How the ESG rating landscape is shifting in 2026 — MSCI's model update, the withdrawal of public score databases, and consolidation among the agencies.
Introduction
If managing ESG ratings feels like aiming at a moving target, that is because it is. In 2026 the rating landscape is shifting on every axis at once — methodologies, access, ownership and regulation. For GCC companies whose ratings matter to investors and buyers, understanding the direction of travel is as important as understanding any single score. This article maps the changes. It builds on our overview of the main ESG raters.
What’s changing
Four shifts are reshaping the landscape simultaneously:
| Shift | What is happening |
|---|---|
| Methodology updates | MSCI updating its model — tougher top ratings, more stability |
| Reduced free access | Some agencies withdrew public ESG score databases |
| Regulation | The EU ESG Ratings Regulation brings ESMA supervision |
| Consolidation | Partnerships and acquisitions among raters and data providers |
Each is significant; together they amount to a market in active transition.
Methodology updates
Rating agencies routinely revise their methodologies, but the effects ripple. MSCI announced a model update aimed at raising the requirements for funds to achieve the top ratings (such as AA and AAA) and at improving stability. The point that matters for companies: your rating can change even when your underlying performance does not, simply because the model changed beneath you.
The transparency paradox
A curious tension defines 2026. On one hand, regulation (the EU ESG Ratings Regulation) is pushing for more methodological transparency. On the other, some raters withdrew their public score databases in 2025, putting scores that were once freely visible behind paywalls. The market is becoming more transparent about how ratings are made and less transparent about what the scores are.
The methodologies will keep moving. The companies that thrive are those building real performance, not those chasing the model of the moment.
Consolidation
The industry is also consolidating — through partnerships (such as ratings and data tie-ups between major financial-information providers) and acquisitions. Over time this may reduce rating divergence somewhat, but it also concentrates influence in fewer hands. For rated companies, it reinforces the case for engaging deliberately with the raters that matter most.
How ESGweise helps
ESGweise helps GCC companies navigate the shifting rating landscape — tracking methodology changes, focusing on durable performance and disclosure, and engaging with the raters that drive their commercial outcomes. See our ESG Rating Improvement practice and our guide to improving your ESG rating.
Conclusion
The ESG rating landscape in 2026 is in flux — methodologies tightening, free access shrinking, regulation arriving, and agencies consolidating. For GCC companies, the lesson is to aim at genuine, durable performance rather than a moving methodological target. The scores will keep shifting; real substance is what survives the change.
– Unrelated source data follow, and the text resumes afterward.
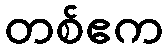
တစ်ဧက
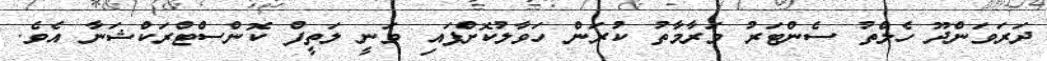
ދަރަވަންދޫ ހެލްތު ސެންޓަރު މަރާމާތު ކުރަން ހަވާލުކޮށްފައި ވަނީ ލަތީފް ކޮންސްޓްރަކްޝަނާ އެވެ.
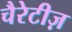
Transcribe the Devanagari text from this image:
चैरेटीज़
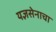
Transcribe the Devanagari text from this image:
यज्ञसेनाचा
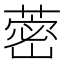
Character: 蔤
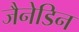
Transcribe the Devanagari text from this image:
जैनेडिन
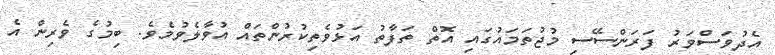
އެދުވަސްވަރު ފަރަންސޭސި މުޖުތަމައުގައި އޮތް ތަފާތު އަޅުވެތިކުރުންތައް އުވާލެވުމެވެ. ބިމުގެ ވެރިން އެ
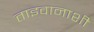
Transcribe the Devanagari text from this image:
ताइवानाशी
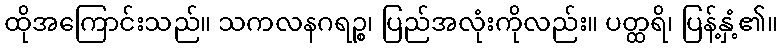
ထိုအကြောင်းသည်။ သကလနဂရဉ္စ၊ ပြည်အလုံးကိုလည်း။ ပတ္ထရိ၊ ပြန့်နှံ့၏။
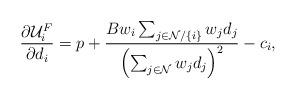
LaTeX: \begin{align*}\frac{\partial\mathcal {U}_i^F}{\partial d_i}=p+\frac{Bw_i\sum_{j\in \mathcal {N}/\{i\}} w_jd_j}{\left(\sum_{j \in \mathcal {N}}w_jd_j\right)^2}-c_i,\end{align*}
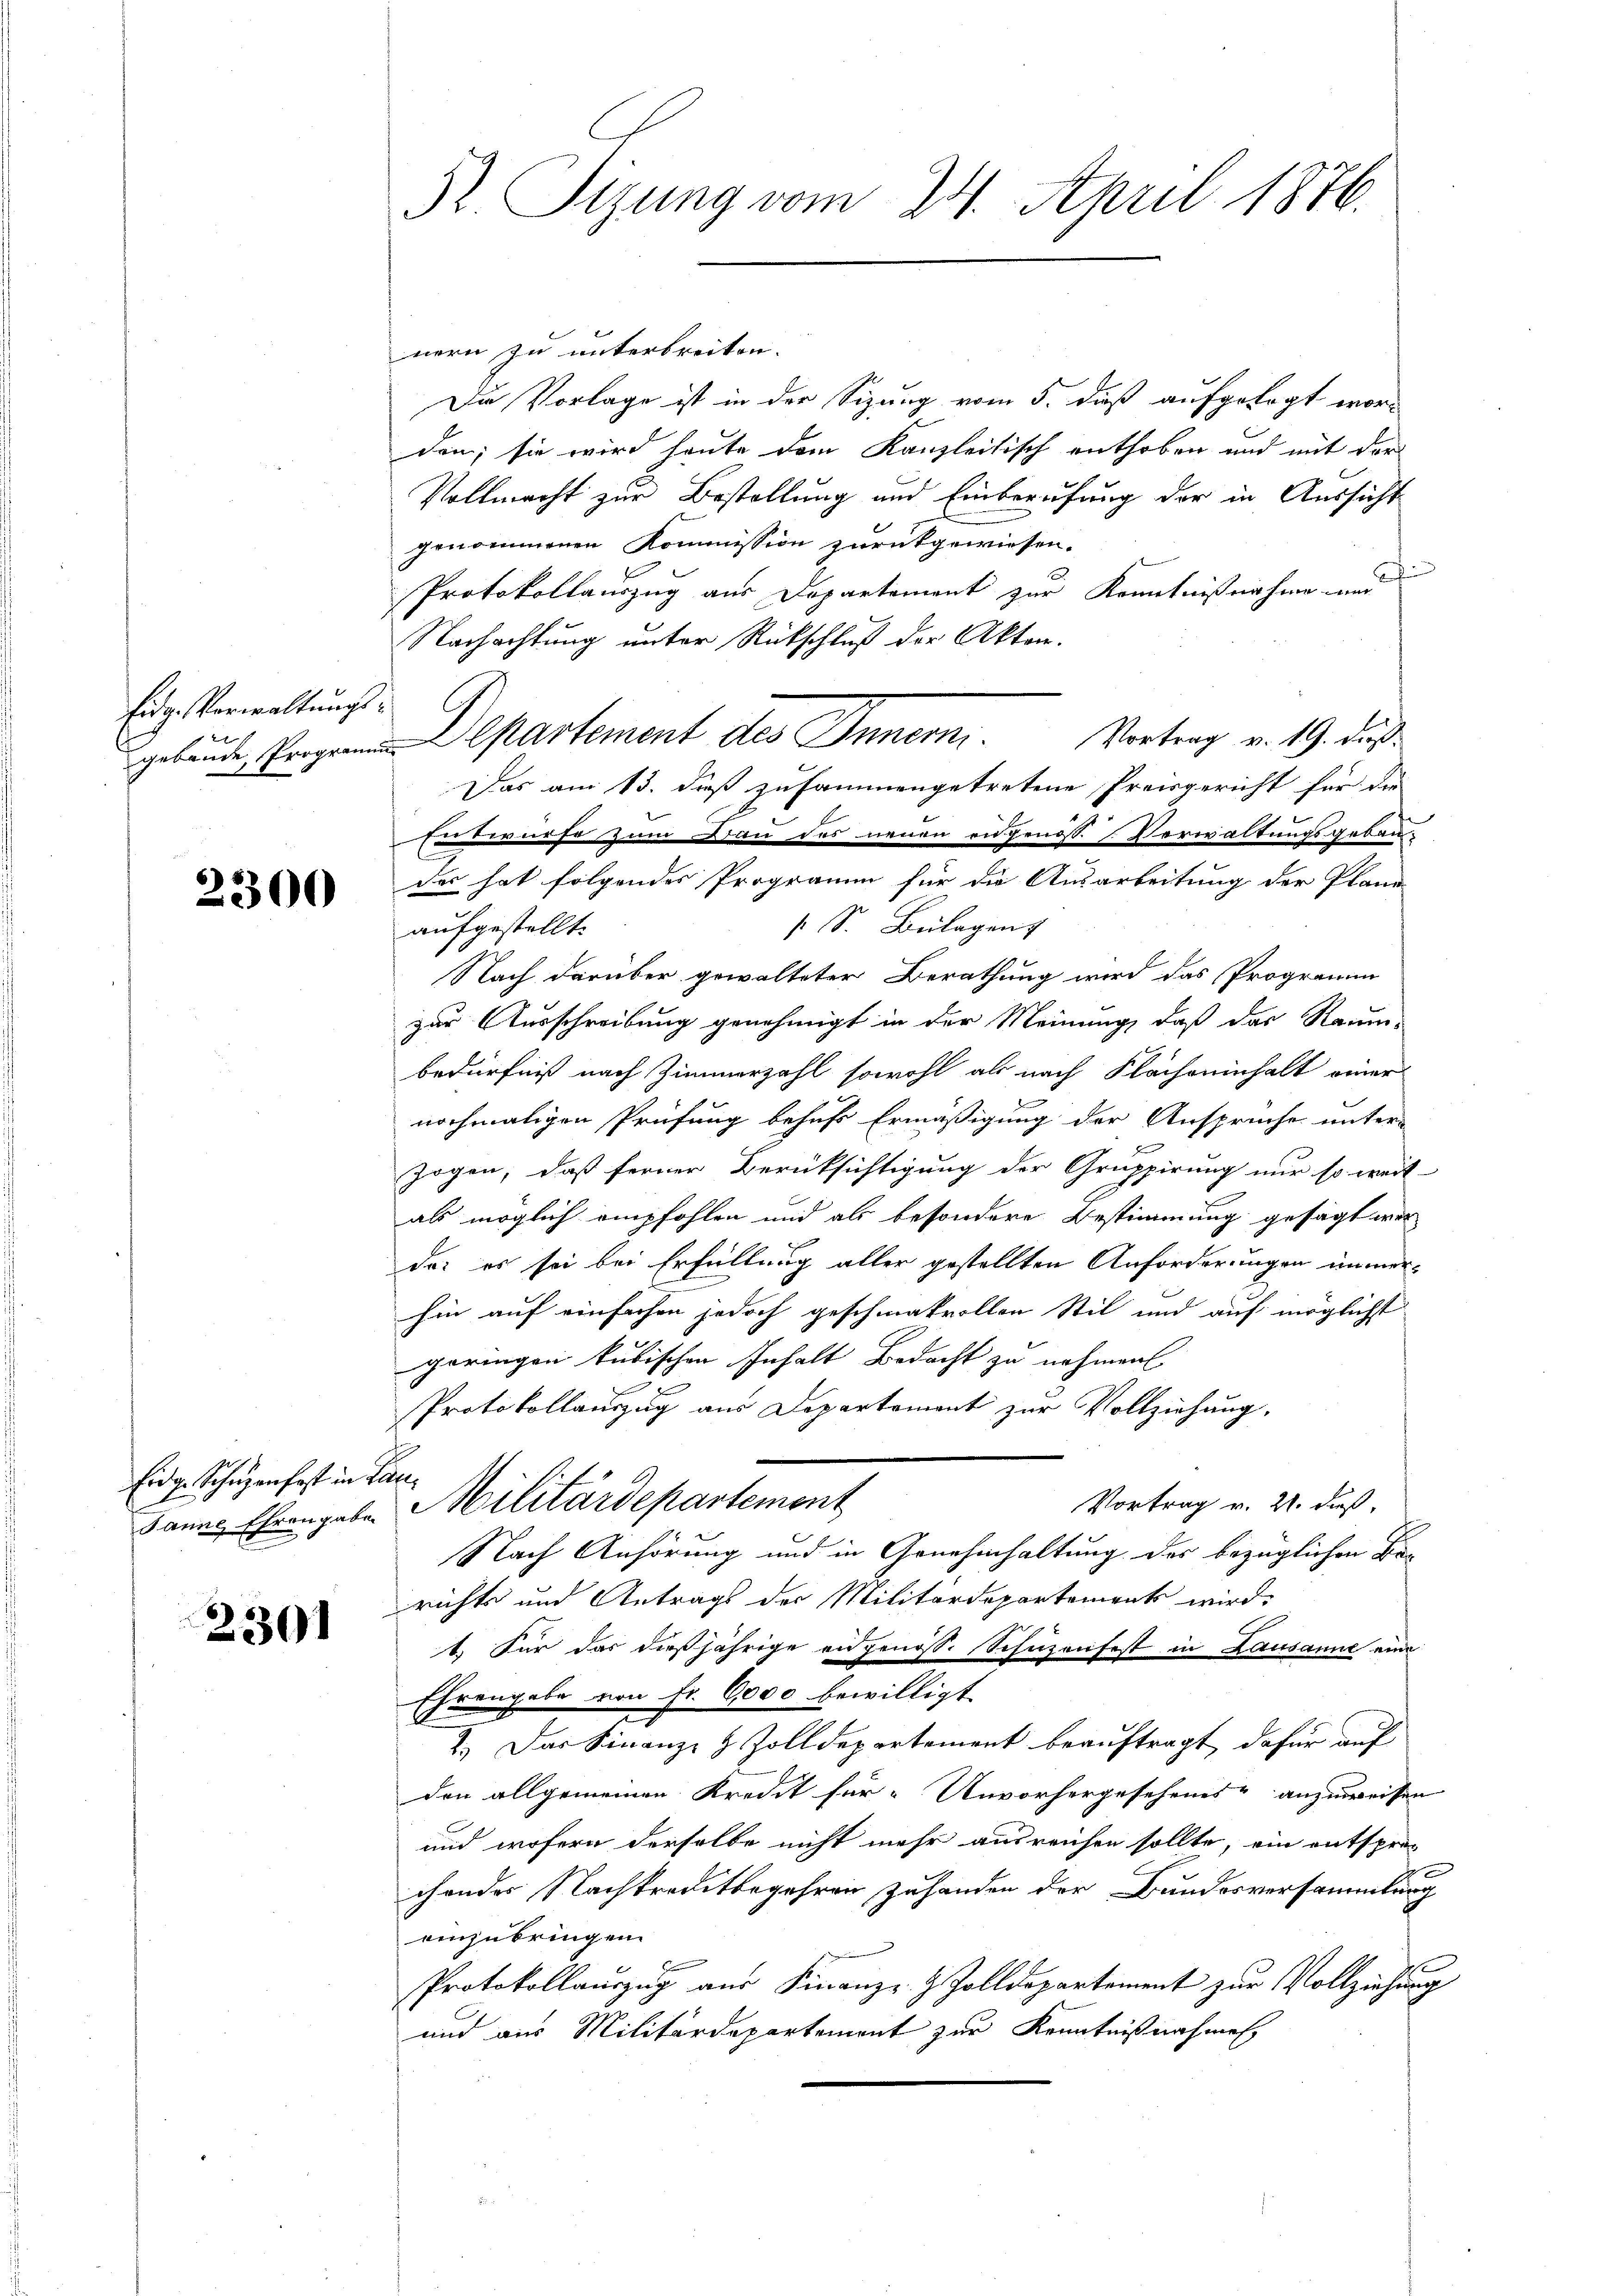
Eidg. Verwaltungs
gebäude, Progren

2300

Eidg. Schuzen fast in Ele
Sanne Ehrengaben

2301

5t. Tizung vom 24. April 1876.

nern zu unterbreiten.
Die Vorlage ist in der Sizung vom 5. daß aufgelegt worden; sie wird heute dem Kanzleitisch enthoben und mit der
Vollmacht zur Bestellung und Einberufung der in Aussicht
genommenen Kommission zurückgewiesen.
Protokollauszug aus Departement zur Kenntnißnahme und
Nachachtung unter Rückschluß der Akten.
Departement des Inner.
Vortrag v. 19. dieß
Das am 13. dieß zusammengetretene Preisgericht für die
Entwurfe zum Bau des neuen eidgenös. Verwaltungsgebäudes hat folgendes Programm für die Ausarbeitung der Plane
 S. Bulagen
aufgestellt.
Nach darüber gewalteter Berathung wird das Programm
zur Ausschreibung genehmigt in der Meinung, daß das Raum-
bedürfniß nach Zimmerzahl sowohl als nach Flachseinhalt einer
nochmaligen Prüfung behufs Ermäßigung der Anspruche unter-
zogen, daß ferner Berüksichtigung der Gruppirung nur so weit
als möglich empfohlen und als besondere Bestimmung gesagt wer
das es sei bei Erfüllung aller gestellten Anforderungen unmerhin auf einfachen jedoch geschmakvollen Stil und auf möglichst
geringen kubischen Inhalt Bedacht zu nehmen
Protokollauszug aus Departement zur Vollziehung.
 Militärdepartement
Vortrag v. 21. daß
Nach Anhörung und in Genehmhaltung des bezüglichen Berichte und Antrags der Militärdepartements wird.
1. Für das dießjährige angenoss. Schuzenfest in Lausanne eine
Ehrengabe von Fr. 6000 bewilligt.
2.) Das Finanz- & Zolldepartement beauftragt, dafür auf
den allgemeinen Kredit für Unvorhergesehenes anzuweisen
und wofern derselbe nicht mehr ausreichen sollte, ein entsprechendes Nachtreditbegehren zuhanden der Bundesversammlung
einzubringen
x
Protokollauszug aus Finanzz- & Zolldepartement zur Vollziehung
und aus Militärdepartement zur Kenntnißnahmen

Frequently asked questions
What is changing in ESG ratings in 2026?
Several things at once: methodologies are being updated (MSCI announced a model update raising the requirements for top fund ratings and improving stability), some agencies withdrew their public ESG score databases (reducing free access), regulation is arriving (the EU ESG Ratings Regulation brings ESMA supervision), and the industry is consolidating through partnerships and acquisitions. The landscape is in active flux.
Why did MSCI update its ESG ratings model?
MSCI announced changes aimed at raising the requirements for a fund to achieve the highest ratings (such as AA or AAA) and improving the stability of ratings over time. Methodology updates like this are routine for raters, but they matter to rated entities because a company's or fund's rating can change even if its underlying performance does not.
What does the withdrawal of public ESG score databases mean?
In 2025, some major raters removed their free public ESG score databases, meaning company ESG scores that were previously visible to anyone are now available mainly to paying clients. For rated companies and the public, this reduces transparency and free access to ratings, even as regulation pushes for more methodological transparency — a notable tension in the market.
How should companies respond to a shifting rating landscape?
By focusing on genuine, durable ESG performance and disclosure rather than chasing a moving target. Methodologies will keep changing, so the resilient strategy is to build real performance and transparent disclosure that holds up across model updates, rather than optimising to the specifics of any single methodology that may change next year.